The most general description of AI as it exists now—which is as an array of expensive, resource-intensive, environmentally disastrous products which have no apparent socially useful use cases, no discernible road to profitability, and do not work—is something like the apotheosis of Silicon Valley vacancy. That the most highly touted public manifestation of this technology is a predictive text model that runs more or less entirely on theft, generates language that is both grandiose and anodyne and defined by its many weird lies, and also seems to be getting dumber is, among other things, kind of "on the nose." But it is all like this, hack bits that barely play as satire; billions of dollars and millions of hours of labor have created a computer that can't do math. These technologies both reflect the bankruptcy of the culture that produced them and perform it.
[...]
[One observer posits] that AI is a bubble, and that there is fundamentally not enough data available—even if OpenAI, Google, Microsoft and the other behemoths behind the technology continue their heedless and so-far unpunished Supermarket Sweep run through the world's extant intellectual property—to make these products usable enough to be functional, let alone profitable. That bubble's collapse could prove disastrous for an industry so deliriously high on its own supply that it eagerly and fulsomely committed to AI without bothering to figure out what it was committing to, and so seems happy to push these janky products out before they've figured out how to make them work. "If businesses don't adopt AI at scale—not experimentally, but at the core of their operations," Zitron writes, "the revenue is simply not there to sustain the hype."

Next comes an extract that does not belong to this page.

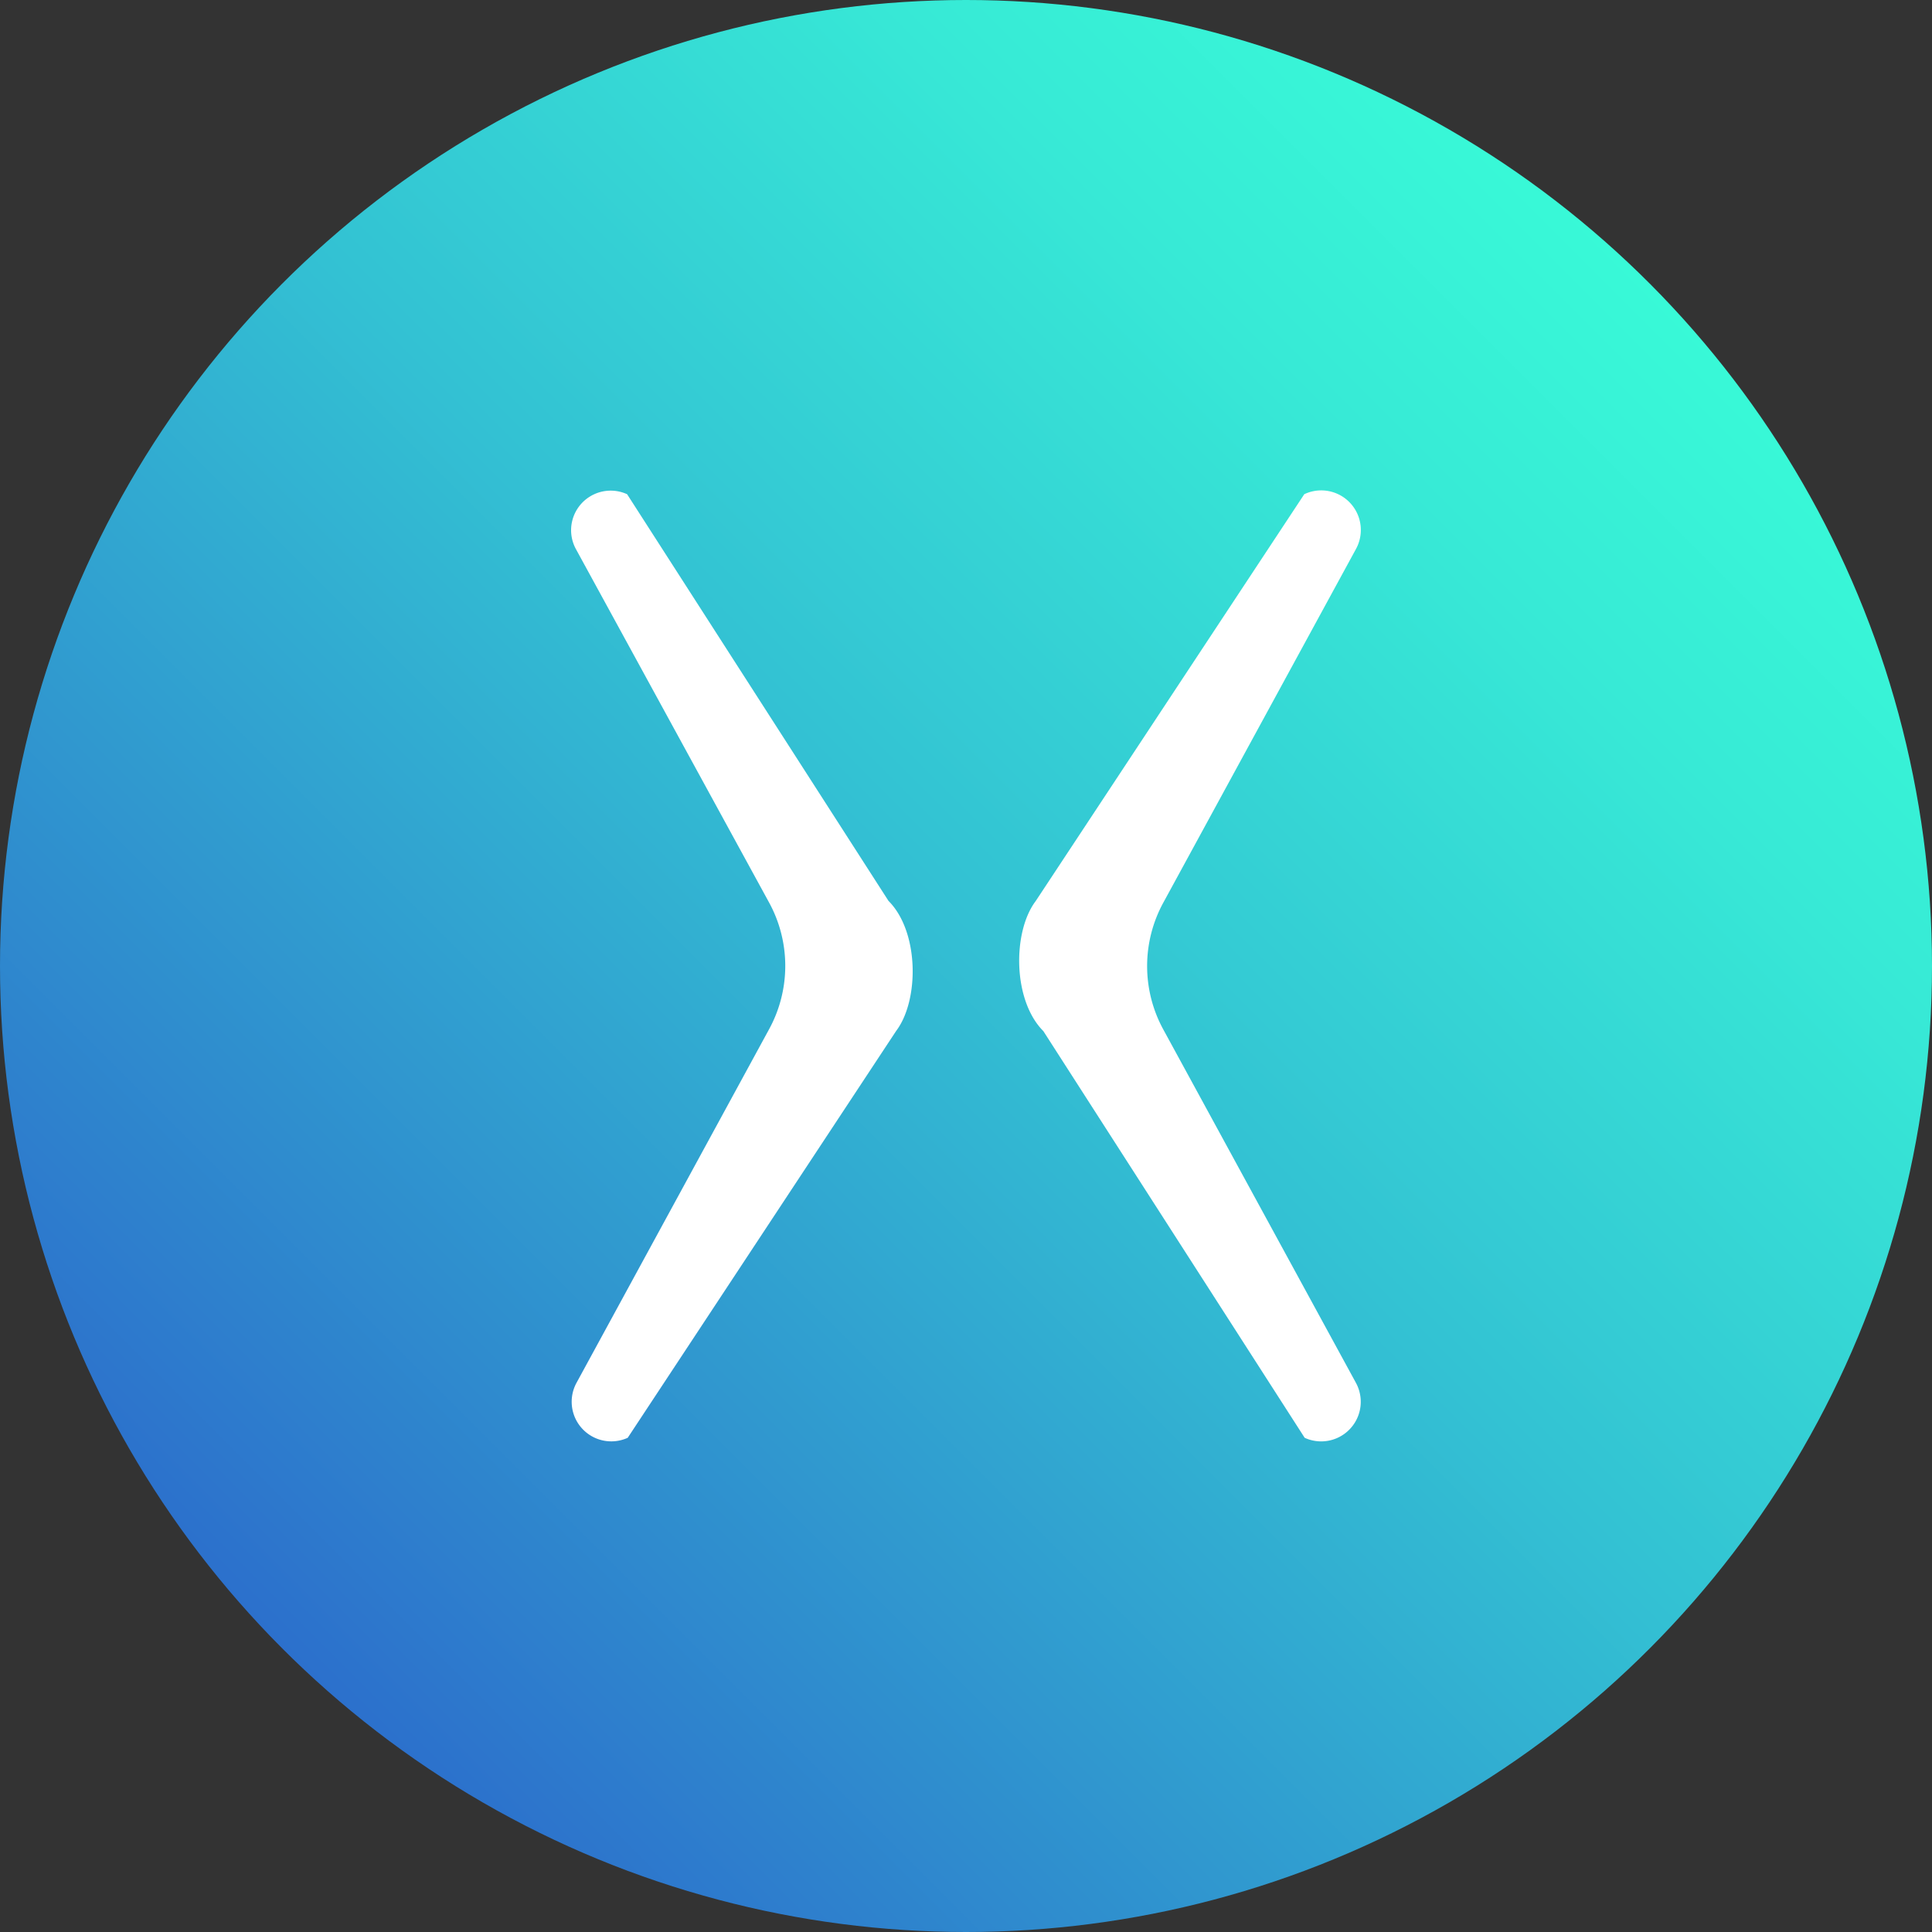 <svg xmlns="http://www.w3.org/2000/svg" xmlns:xlink="http://www.w3.org/1999/xlink" viewBox="0 0 250.78 250.78"><rect x="0" y="0" width="250.78" height="250.78" fill="#333333" stroke="none"/><defs><style>.cls-1{fill:url(#linear-gradient);}.cls-2{fill:#fff;}</style><linearGradient id="linear-gradient" x1="36.73" y1="214.05" x2="214.05" y2="36.73" gradientUnits="userSpaceOnUse"><stop offset="0" stop-color="#2c70cc"/><stop offset="0.11" stop-color="#2e81cd"/><stop offset="0.53" stop-color="#33c2d3"/><stop offset="0.84" stop-color="#37ead6"/><stop offset="1" stop-color="#38f9d7"/></linearGradient></defs><title>simbolo-handel</title><g id="Layer_2" data-name="Layer 2"><g id="Layer_1-2" data-name="Layer 1"><circle class="cls-1" cx="125.39" cy="125.39" r="125.39"/><path class="cls-2" d="M74.76,71.28a5.12,5.12,0,0,1-.63-2.46,5.14,5.14,0,0,1,7.27-4.67l33.93,52.79c4,4,4,12.9,1,16.87L81.48,186.63a5.14,5.14,0,0,1-6.65-7.13l25-45.9a17.16,17.16,0,0,0,0-16.45Z"/><path class="cls-2" d="M176,179.49a5.14,5.14,0,0,1-6.65,7.14l-33.92-52.79c-4-4-4-12.9-1-16.87L169.3,64.15A5.14,5.14,0,0,1,176,71.28l-25,45.89a17.18,17.18,0,0,0,0,16.46Z"/></g></g></svg>

If there is a reason to question that skepticism, it has nothing to do with any existing AI service I've encountered; they all make me very sad, and even AI acolytes seem to have lost their taste for the dead-eyed algorithmic doggerel and implausibly bosomy cartoon waifus that once so delighted them. The question, which opens onto awful new worlds of dread and possibility, is whether any of that means anything. There is enough money and ambition behind all this stuff, and a sufficiently uncommitted collection of institutions standing between it and everyone else, that AI could become even more ubiquitous even if never actually works. It does not have to be good enough to replace human labor to replace human labor; the people making those decisions just have to go on deciding that it doesn't matter.
"This technology is coming whether we like it or not," Eric Adams said in early April. This time he was announcing that self-driving cars, another technology pushed out into the world despite manifest and obvious limitations, would be allowed on New York City streets. Again, his statement is both confusing and untrue. None of this has to happen, or would happen on its own. Capitalists can push it forward and institutions can get out of their way, but at some point people will either take what they're being offered, or refuse it.